In 1904, na het gymnasium zonder al te veel moeite te hebben afgerond, vertrok de jonge Münsterling richting München om daar rechten te studeren. Deze stad ruilde hij echter al na één semester in voor Straatsburg waar hij zich aan maar liefst drie studies tegelijkertijd wijdde (geschiedenis, filosofie en economie). Voor deze drie studies nam hij de tijd. In totaal zou hij elf jaar studeren. Heinrichs favoriete onderwijzer en mentor, de bekende historicus Friedrich Meinecke, legde in zijn colleges veel nadruk op de rol die Frederik de Grote had gespeeld in de geschiedenis van Pruisen. Hij was het die het koninkrijk tot een machtige Europese staat had gemaakt. Dit deed hij door religieuze tolerantie te bevorderen en de wetten zeer nauwgezet uit te voeren en daarop toe te zien. Deze grote staatsman had echter ook een keerzijde. De volgens Meinecke typisch Pruisische blinde gehoorzaamheid voorkwam een verdere groei van de staat. De burgers waren weinig betrokken op de staat, die ver van hen af stond. Burgers die mochten participeren in de overheid zouden deze effectiever maken. De overheid moest een zaak zijn die het hele volk aanging. Meinecke zag de toenemende participatie van burgers in de overheid die na 1807, toen Napoleon Pruisen versloeg, dan ook als een bijzonder gunstige ontwikkeling. De student Brüning kreeg deze ideeën mee en liet zich erdoor overtuigen. Een goede verstandhouding tussen overheid en burgers en wederzijdse betrokkenheid droegen volgens hem wezenlijk bij aan een goed functionerend staatsapparaat. Deze goede verstandhouding ontbrak in de Weimarrepubliek. Er was een grote kloof tussen staat en burger, een kloof die Brüning volgens Patch betreurde. Patch suggereert dat bij Meineckes colleges de basis werd gelegd voor Brünings overtuiging van de waarde van democratie.36

In 1911, midden in zijn examenperiode, kreeg Brüning een zenuwinzinking. Hoewel zijn studieresultaten doorgaans zeer goed waren vluchtte de toekomstige kanselier op de ochtend van een mondeling examen de stad uit. Zijn mentor, Martin Spahn, liet de naar zijn geboorteplaats vluchtende student persoonlijk terughalen. Toen Brüning ’s middags alsnog zijn examen moest afleggen slaagde hij ruim. Zijn faalangst was het gevolg van een gebrek aan zelfvertrouwen. Van de ijzeren zenuwen waar hij zich tijdens zijn kanselierschap op zou beroemen was nog weinig te bespeuren. Brüning lag in de knoop met zichzelf en twijfelde aan zijn eigen kunnen. Het beeld dringt zich op van een ietwat vereenzaamde briljante student die ver van zijn geboorteplaats het niet meer zag zitten.

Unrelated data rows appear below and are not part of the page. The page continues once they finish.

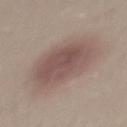Case summary:
* site · the back
* illumination · white-light illumination
* diameter · ~8 mm (longest diameter)
* image-analysis metrics · a lesion area of about 32 mm² and a shape-asymmetry score of about 0.1 (0 = symmetric); an average lesion color of about L≈52 a*≈16 b*≈21 (CIELAB), a lesion–skin lightness drop of about 10, and a normalized border contrast of about 7.5; an automated nevus-likeness rating near 95 out of 100 and lesion-presence confidence of about 100/100
* image · 15 mm crop, total-body photography
* subject · male, roughly 30 years of age
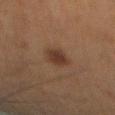Case summary:
– notes: catalogued during a skin exam; not biopsied
– lesion size: about 3.5 mm
– site: the mid back
– patient: male, aged 63–67
– acquisition: total-body-photography crop, ~15 mm field of view
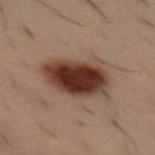Q: Is there a histopathology result?
A: catalogued during a skin exam; not biopsied
Q: How was the tile lit?
A: cross-polarized illumination
Q: Lesion size?
A: about 6 mm
Q: What kind of image is this?
A: ~15 mm crop, total-body skin-cancer survey
Q: Lesion location?
A: the leg
Q: Patient demographics?
A: male, aged 48 to 52
Q: Automated lesion metrics?
A: a lesion area of about 21 mm², a shape eccentricity near 0.8, and two-axis asymmetry of about 0.2; a mean CIELAB color near L≈27 a*≈16 b*≈20, about 14 CIELAB-L* units darker than the surrounding skin, and a lesion-to-skin contrast of about 13.5 (normalized; higher = more distinct)
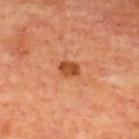Assessment: The lesion was photographed on a routine skin check and not biopsied; there is no pathology result. Clinical summary: Automated image analysis of the tile measured a detector confidence of about 100 out of 100 that the crop contains a lesion. Imaged with cross-polarized lighting. Located on the upper back. A 15 mm crop from a total-body photograph taken for skin-cancer surveillance. The patient is aged 63 to 67. The lesion's longest dimension is about 2.5 mm.
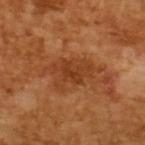Findings:
- image source: total-body-photography crop, ~15 mm field of view
- image-analysis metrics: border irregularity of about 6 on a 0–10 scale, a within-lesion color-variation index near 3.5/10, and peripheral color asymmetry of about 1
- size: ≈5.5 mm
- illumination: cross-polarized
- subject: male, about 65 years old
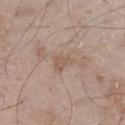{
  "biopsy_status": "not biopsied; imaged during a skin examination",
  "lesion_size": {
    "long_diameter_mm_approx": 2.5
  },
  "image": {
    "source": "total-body photography crop",
    "field_of_view_mm": 15
  },
  "patient": {
    "sex": "male",
    "age_approx": 65
  },
  "lighting": "white-light",
  "site": "left thigh"
}
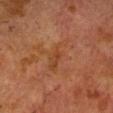Imaged during a routine full-body skin examination; the lesion was not biopsied and no histopathology is available. The lesion is on the head or neck. Longest diameter approximately 5 mm. This image is a 15 mm lesion crop taken from a total-body photograph. A male subject, about 75 years old.
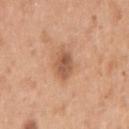Imaged during a routine full-body skin examination; the lesion was not biopsied and no histopathology is available. Captured under white-light illumination. About 3 mm across. A female subject, approximately 40 years of age. A region of skin cropped from a whole-body photographic capture, roughly 15 mm wide. On the right upper arm.
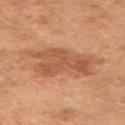Imaged during a routine full-body skin examination; the lesion was not biopsied and no histopathology is available. Imaged with cross-polarized lighting. Cropped from a whole-body photographic skin survey; the tile spans about 15 mm. From the left upper arm. An algorithmic analysis of the crop reported a within-lesion color-variation index near 2.5/10 and a peripheral color-asymmetry measure near 1. The software also gave a nevus-likeness score of about 15/100 and lesion-presence confidence of about 100/100. The patient is a female aged around 60.
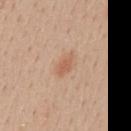Clinical impression:
This lesion was catalogued during total-body skin photography and was not selected for biopsy.
Background:
The lesion is located on the mid back. Approximately 2.5 mm at its widest. Captured under white-light illumination. A male subject, aged approximately 30. An algorithmic analysis of the crop reported a lesion area of about 3 mm² and an eccentricity of roughly 0.85. A roughly 15 mm field-of-view crop from a total-body skin photograph.

De jeugd van de toekomstige rijkskanselier werd dus niet gekenmerkt door besluitvaardigheid en vastberadenheid. De adolescente Brüning bleek een twijfelaar te zijn die verschillende malen van studie en studiestad wisselde. Een weliswaar kiene jongeman, die echter nog niet goed wist in welke richting hij zijn talenten wilde ontplooien en gebruiken. Als student wist hij niet welke richting hij met zijn leven wilde inslaan. Daarbovenop kwam een gebrek aan zelfvertrouwen dat zich openbaarde toen hij vluchtte voor een tentamen. Dat hij het intellectuele vermogen bezat voor het rijkskanselierschap was in zijn jeugd al duidelijk, aan leiderschapskwaliteiten leek het hem echter te ontbreken. Brüning had weinig vrienden Een te autoritaire houding, die hem als kanselier verweten zou worden, leek al helemaal niet aan de orde te zijn.